When I was a little girl I had this toy. I think everyone had one. It was a yellow square box that had shapes on all of its sides. There was a latch that opened on one of the sides and inside the box were all these shapes. You dump the shapes out of the box, close the latch and try to fit the colorful shapes into its corresponding holes.
I wasn’t good at it or maybe I just didn’t want play by the rules.
I would try until I was red in the face to fit the star into the oval or the oval into the triangle or the triangle into the square. I knew that I could make it fit and with enough effort it would go in. It didn’t but I was still certain that I could make it fit if I tried hard enough.
I also did something similar with my clothing. If my clothes fit in the most unnatural way I would purposely try to burst out of my clothing so that I could feel what I considered ultimate peace.
My mom hated taking me clothes shopping. She would know it by my face that it didn’t fit “right.” It looked fine on but it didn’t feel fine on. If the crotch on my pants were too high and I’d come out of the dressing room, hang my head low and say in Thai the equivalent of “tight crotch” and my mom knew that I would never wear those pants if she bought them.
This would explain why she would buy the same pants in multiple colors if I found anything that fit right. She also dressed me in skirts and dresses a lot, which I would still have to wear shorts under because I was always upside down on the monkey bars.
If my sweater was too tight I’d purposely stretch it by filling my belly with as much air as possible and squeezing like I was constipated until the seams ripped and the satisfaction would send a content and gleeful ripple across my little body.

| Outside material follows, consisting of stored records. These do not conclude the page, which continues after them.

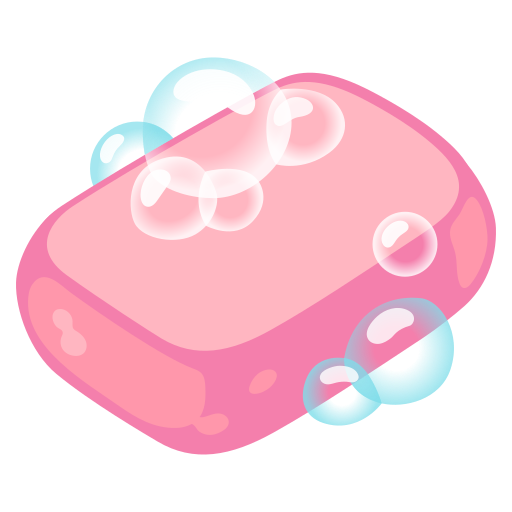
Emoji: 🧼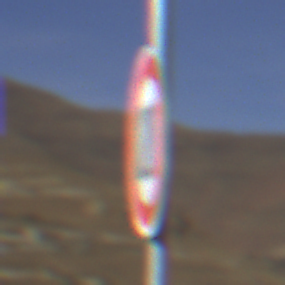
Verkehrszeichen: Geschwindigkeit120
Umgebung: Outdoor, Nature
Tageszeit: Midday
Wetter: Clear
Licht: Natural
Jahreszeit: NotSpecified
Kontrast: HighContrast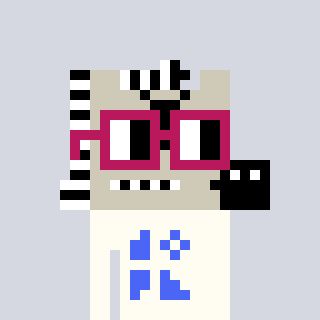
a pixel art character with square dark red glasses, a zebra-shaped head and a grayscale-colored body on a cool background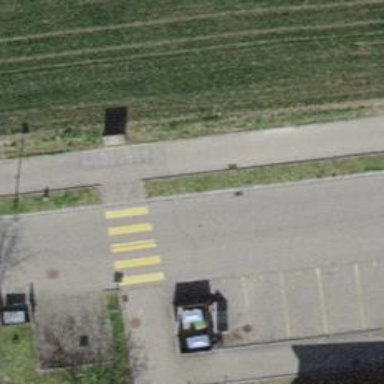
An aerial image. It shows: Marked road crossing.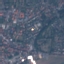
Label: Residential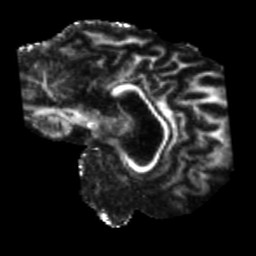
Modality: FA
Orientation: sagittal
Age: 40
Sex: male
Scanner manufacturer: siemens
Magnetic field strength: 3 T
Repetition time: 5.25 s
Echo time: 0.08 s

When I’m super agitated I like to squeeze packaged things in the supermarket to crush them under the weight of my mighty fingers.

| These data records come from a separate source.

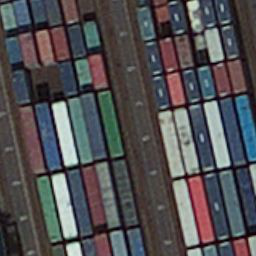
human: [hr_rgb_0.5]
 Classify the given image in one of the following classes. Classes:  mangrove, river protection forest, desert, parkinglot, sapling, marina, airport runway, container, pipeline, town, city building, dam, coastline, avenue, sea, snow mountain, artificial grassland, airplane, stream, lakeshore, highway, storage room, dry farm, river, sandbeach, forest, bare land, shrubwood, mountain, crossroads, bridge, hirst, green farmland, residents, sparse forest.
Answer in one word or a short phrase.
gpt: container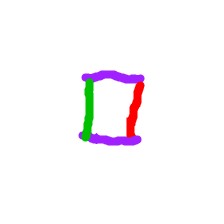
Shape: square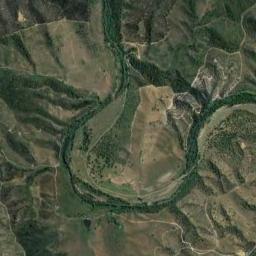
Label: river

My point being that I like my rules and my world and when I try to get someone to understand where I’m coming from and it doesn’t quite work out, I get perturbed to the point where I want to break something – figuratively or literally. I get frustrated at the fact that they cannot see things the way I see them which makes only perfect sense to me. Because I like to think that I’m pretty understanding and empathetic to other people’s feelings, even if they aren’t particularly keen to my own. And when you don’t explain yourself I can only begin to comprehend the situation, the circumstances and your actions using my own sometimes illogical logic and it makes even a bigger mess out of everything.
I need to be around people who love to talk about substantial things with passion or just have passion for anything (even a potato will do), have an opinion to disagree, aren’t so afraid to be outspoken or honest and aren’t so goddamn “superficially nice” all the time. Fight me. Prove me wrong. It’s okay for people to disagree with you, you don’t have to please everyone all the time. I think I’ve got you all figured out, but I don’t. I don’t even know who you are.
I just don’t understand where 1:30am phone calls plays into all of this. What does that mean? You just don’t call anyone at 1:30 in the morning on a Monday night. There are very few people you can do that to. It’s like a VIP list. Exclusive. So, then I wonder what that means. If it means anything at all. And, if I were to reciprocate and call you at 1:30am and let’s say it’s actually an emergency and of course you probably wouldn’t pick up and I left a message that I needed an ambulance. I would probably die waiting for help to arrive.
See, a friendship in the simplest terms would mean that there’s reciprocation. That as much as you can count on me to answer that phone call regardless of what time it was, I would expect you to do the same for me. That’s what it means to care about someone. FYI, this isn’t just about a phone call. It’s a metaphor people.
Try to understand this from my point of view. God knows I’ve tried to understand from yours.
I’ve even put the shapes in the right holes for you against my better judgment.